SAYW seeks to give that level of inspiration to the young writers who are being abandoned by the need to meet standards. It’s not an easy journey due the pressures put on our teachers. Through SAYW’s programs, those pressures can be assuaged. Creative writing can return to the classroom and assessments will only improve. SAYW is developing a supplemental curriculum for creative writing that dovetails with current assessment writing programs. SAYW is also involved in a web publication for fourth, fifth and sixth graders (Kidlits Webzine) that will give children who wish to be published an opportunity to see that critical first byline every writer remembers.

Most importantly, SAYW is compiling a database of professional writers who are willing to help improve the schools in their local communities and perhaps their state. The database is intended to provide contact information so that schools and professional writers may join together in educational partnerships to inspire and support young writers. This contact information will serve as a free clearing house for teachers and administrators. The information required for this database is minimal as to preserve privacy.

This is an opportunity to make a difference to kids who may not have any contact with working writers otherwise. Often teachers are afraid to ask local writers for their time for workshops, lectures or simply a classroom visit. SAYW wants those teachers and administrators to feel comfortable contacting professional writers for those purposes.

Writers of all walks are needed. Poetry, nonfiction, fiction all need to be in the mix. Whether your genre is horror, romance, sonnet, haiku, spec articles or memoir, your experience as a writer is what matters most.

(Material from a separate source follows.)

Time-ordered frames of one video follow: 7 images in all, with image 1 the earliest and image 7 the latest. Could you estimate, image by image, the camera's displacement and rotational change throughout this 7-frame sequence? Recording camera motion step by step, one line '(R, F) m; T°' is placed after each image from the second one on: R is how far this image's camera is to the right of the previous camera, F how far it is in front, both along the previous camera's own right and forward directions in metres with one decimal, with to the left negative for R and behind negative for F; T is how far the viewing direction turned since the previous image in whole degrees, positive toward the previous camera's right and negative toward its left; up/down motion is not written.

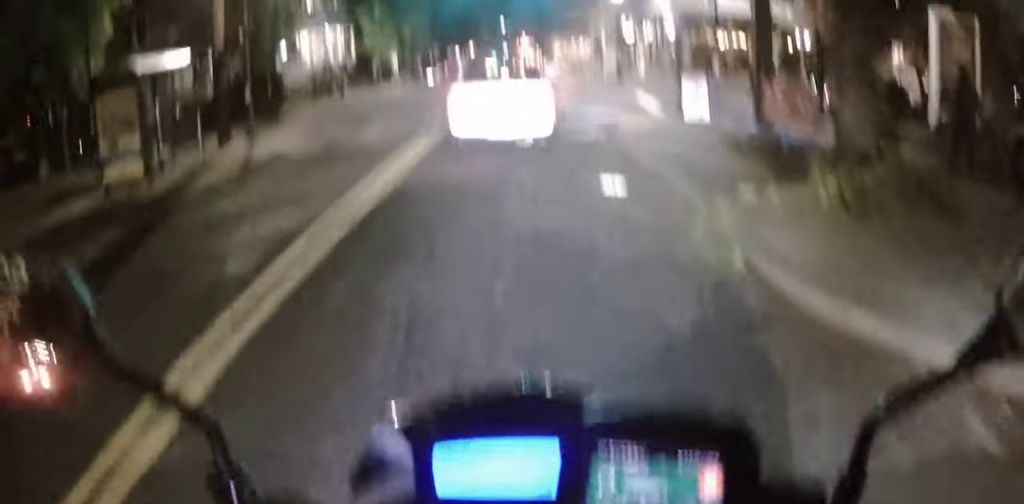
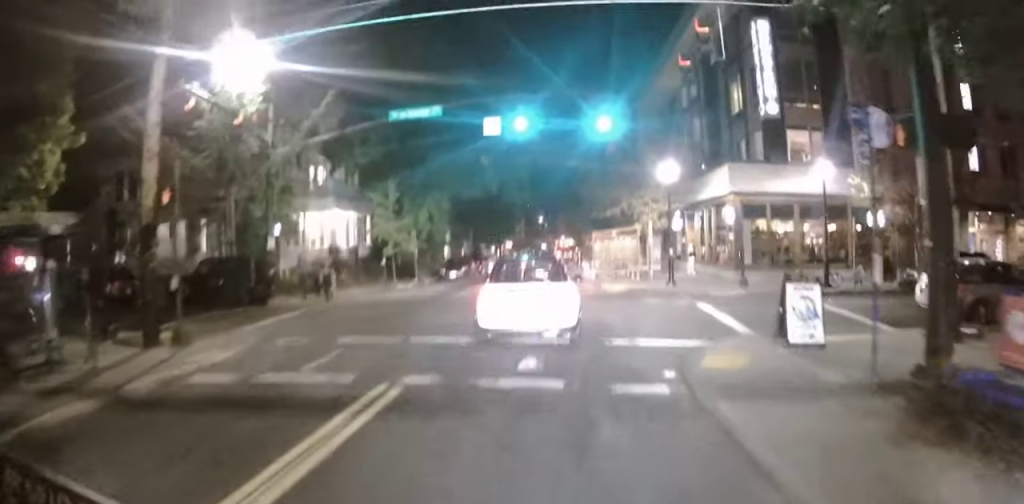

Please take the time to consider becoming a SAYW writer. There are no dues and your membership may lead to a child beginning a lifetime of creative fulfillment.

For more information on SAYW and its Professional Writer Outreach program please visit http://sayw.kidlitszine.com for further details on the philosophy behind this endeavor.

7 comments:

Lyman Feero said...

Thanks for helping to get the word out, Patrick.

Dawn Potter said...

Patrick--I checked out the website. Can you pass along my contacts to Lyman? I didn't quickly see a way to do that on the website. Thanks--

Lyman Feero said...

Dawn,

Sorry for the confusion. I'm having trouble creating a form that people can just plug information into. Every time I try to embed the code the format theme disappears.

I'll give it another go tomorrow. In the meantime you can send an e-mail to saywmember@kidlitszine.com with the following information.


Name:
State:
E-mail:
Geographic area you're willing to participate in:
Format: (e.g. fiction, poetry, nonfiction)
Genre you work in: (e.g. horror, frestyle, memoir)
Fee: (free, negotiable)

There's an autoresponder to let you know your information was received.

Sorry for the design glitch.

Sophie Littlefield said...

thanks p. it's nice to have a chance to be a good guy.

and you're dead on right about teaching writing in the schools. I know i'm his mom, but i think my kid has a strong and powerful voice, and he really sweats over his essays, and he gets c's and d's because he strays from the f'ing standards/checklists.

SOOOOO glad i wasn't raised in CA in the 'oughts. I wouldn't be writing today, because they would have convinced me I suck. Beat on a kid long enough, even if the stick you use is muffled by standards, and you'll beat the heart out of him or her.

Patrick Shawn Bagley said...

The words are all Lyman's, Sophie. For my part, I hope this thing takes off all over the country.

Lyman Feero said...

UPDATE:

There is now a basic registration form in place. I'll be updating the instructions on the website shortly. The form is available now under the SAYW Registration link.

Kieran Shea said...

Patrick:

Thanks for the info. Recently I've volunteered to help kids at my daughter's school with a start up advance reading and writing program. This looks great.